The two anti-establishment parties, the 5-Star Movement and League, had abandoned plans to jointly take power at the weekend after the president blocked their proposed cabinet lineup.

President Sergio Mattarella’s veto of 81-year-old eurosceptic Paolo Savona as economy minister appeared to tip the country back toward repeat elections and triggered a dramatic speculative attack on Italian financial markets.

The parties are now trying to find “a point of compromise on another name” for the economy ministry, said the source close to 5-Star, the single-biggest party in the new parliament.

However, League leader Matteo Salvini, whose party is surging in opinion polls, appeared to throw cold water on that idea, saying Italy should return to an election as soon as possible.

“The earlier we vote the better because it’s the best way to get out of this quagmire and confusion,” Salvini told reporters.

He said, though, that an election at the end of July would be “disruptive” for Italians for reasons he did not explain. He invited Mattarella to make the first move, saying he should “explain to us how we can get out of this situation”.

Any breakthrough deal between the president and 5-Star/League would ease uncertainty but might still usher in a coalition determined to ramp up spending in the heavily indebted nation and push for a revision of European Union and euro-zone fiscal rules.

In the event of continued stalemate, Italy will go back to elections, with most major parties calling for the president to dissolve parliament and hold a vote as soon as July 29.

A new opinion poll showed the League, which argues that fiscal rules governing the euro zone are “enslaving” Italians, would boost its share of the vote to a quarter, from around 17 percent on March 4.

The IPSOS poll, in the Corriere della Sera newspaper, showed support for the League’s would-be coalition partner, the 5-Star Movement, steady at about 32.6 percent — implying a much more comfortable majority if the pair were to try again to govern.

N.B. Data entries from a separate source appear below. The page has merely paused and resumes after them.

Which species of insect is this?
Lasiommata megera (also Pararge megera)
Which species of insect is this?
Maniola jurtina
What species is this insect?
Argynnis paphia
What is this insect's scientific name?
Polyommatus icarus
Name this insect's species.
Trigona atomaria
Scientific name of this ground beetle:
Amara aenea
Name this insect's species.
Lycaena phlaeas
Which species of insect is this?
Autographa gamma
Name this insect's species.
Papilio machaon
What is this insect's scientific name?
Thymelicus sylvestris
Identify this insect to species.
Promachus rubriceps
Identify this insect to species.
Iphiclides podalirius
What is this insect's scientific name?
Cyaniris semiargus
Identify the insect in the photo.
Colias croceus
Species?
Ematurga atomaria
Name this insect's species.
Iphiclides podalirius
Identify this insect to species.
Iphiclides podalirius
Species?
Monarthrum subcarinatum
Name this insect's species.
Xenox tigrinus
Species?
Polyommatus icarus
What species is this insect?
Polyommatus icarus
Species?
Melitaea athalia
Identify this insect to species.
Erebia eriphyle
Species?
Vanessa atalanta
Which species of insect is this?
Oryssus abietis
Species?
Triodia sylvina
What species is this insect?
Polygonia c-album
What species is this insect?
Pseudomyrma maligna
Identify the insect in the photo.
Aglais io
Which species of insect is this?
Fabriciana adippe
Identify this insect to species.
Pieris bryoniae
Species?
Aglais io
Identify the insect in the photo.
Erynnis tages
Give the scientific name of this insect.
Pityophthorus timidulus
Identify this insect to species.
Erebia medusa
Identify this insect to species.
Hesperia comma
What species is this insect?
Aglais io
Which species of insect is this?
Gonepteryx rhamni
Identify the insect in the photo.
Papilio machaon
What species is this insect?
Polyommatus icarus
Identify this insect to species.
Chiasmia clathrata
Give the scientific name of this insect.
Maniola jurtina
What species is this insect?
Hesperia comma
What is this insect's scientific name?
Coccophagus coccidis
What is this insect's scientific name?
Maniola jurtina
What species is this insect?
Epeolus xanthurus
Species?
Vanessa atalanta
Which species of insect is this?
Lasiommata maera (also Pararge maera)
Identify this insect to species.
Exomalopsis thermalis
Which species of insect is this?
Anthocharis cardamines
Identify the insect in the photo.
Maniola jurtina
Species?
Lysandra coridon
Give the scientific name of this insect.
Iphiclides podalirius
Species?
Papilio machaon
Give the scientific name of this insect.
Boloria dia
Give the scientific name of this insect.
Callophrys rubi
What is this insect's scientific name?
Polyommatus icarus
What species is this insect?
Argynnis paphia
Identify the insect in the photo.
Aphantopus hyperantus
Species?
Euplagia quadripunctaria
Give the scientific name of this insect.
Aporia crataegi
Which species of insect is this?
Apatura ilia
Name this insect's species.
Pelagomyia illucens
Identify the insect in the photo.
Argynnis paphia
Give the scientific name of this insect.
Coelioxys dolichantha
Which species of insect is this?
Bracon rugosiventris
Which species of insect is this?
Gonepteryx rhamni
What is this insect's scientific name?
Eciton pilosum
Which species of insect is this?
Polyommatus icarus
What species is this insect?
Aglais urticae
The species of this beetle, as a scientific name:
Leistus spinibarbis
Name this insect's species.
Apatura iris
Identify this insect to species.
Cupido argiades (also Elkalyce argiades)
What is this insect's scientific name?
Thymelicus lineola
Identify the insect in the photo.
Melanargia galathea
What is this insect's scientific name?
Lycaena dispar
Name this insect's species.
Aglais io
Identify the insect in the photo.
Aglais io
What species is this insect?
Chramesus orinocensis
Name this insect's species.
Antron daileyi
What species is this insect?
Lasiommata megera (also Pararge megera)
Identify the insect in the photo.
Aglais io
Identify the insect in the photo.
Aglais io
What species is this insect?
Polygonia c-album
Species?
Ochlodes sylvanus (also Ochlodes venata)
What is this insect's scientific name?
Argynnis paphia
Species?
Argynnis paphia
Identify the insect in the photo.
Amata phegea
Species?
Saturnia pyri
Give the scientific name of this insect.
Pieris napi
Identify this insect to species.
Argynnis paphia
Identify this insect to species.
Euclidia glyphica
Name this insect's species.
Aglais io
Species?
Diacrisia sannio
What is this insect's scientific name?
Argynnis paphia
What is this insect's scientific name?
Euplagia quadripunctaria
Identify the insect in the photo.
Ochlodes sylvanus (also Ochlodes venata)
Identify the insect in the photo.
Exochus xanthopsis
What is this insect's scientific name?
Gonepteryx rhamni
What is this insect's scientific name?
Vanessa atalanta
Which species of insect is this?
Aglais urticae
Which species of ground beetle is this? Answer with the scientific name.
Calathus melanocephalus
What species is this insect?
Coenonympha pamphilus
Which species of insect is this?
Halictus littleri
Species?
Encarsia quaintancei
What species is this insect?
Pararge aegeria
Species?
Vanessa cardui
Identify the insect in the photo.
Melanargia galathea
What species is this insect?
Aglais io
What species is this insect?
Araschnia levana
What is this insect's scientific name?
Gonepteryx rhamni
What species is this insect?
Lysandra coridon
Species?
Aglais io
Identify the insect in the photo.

That prospect has rocked financial markets, with the euro sinking to multi-month lows on fears that snap elections would lead to a eurosceptic government in Rome.

Italian government bonds, which suffered one of its most dramatic speculative attacks in years on Tuesday, found some support from local investors on Wednesday.

The yield on 10-year bonds edged away from four-year highs and two-year yields, the focus of earlier attacks, also fell.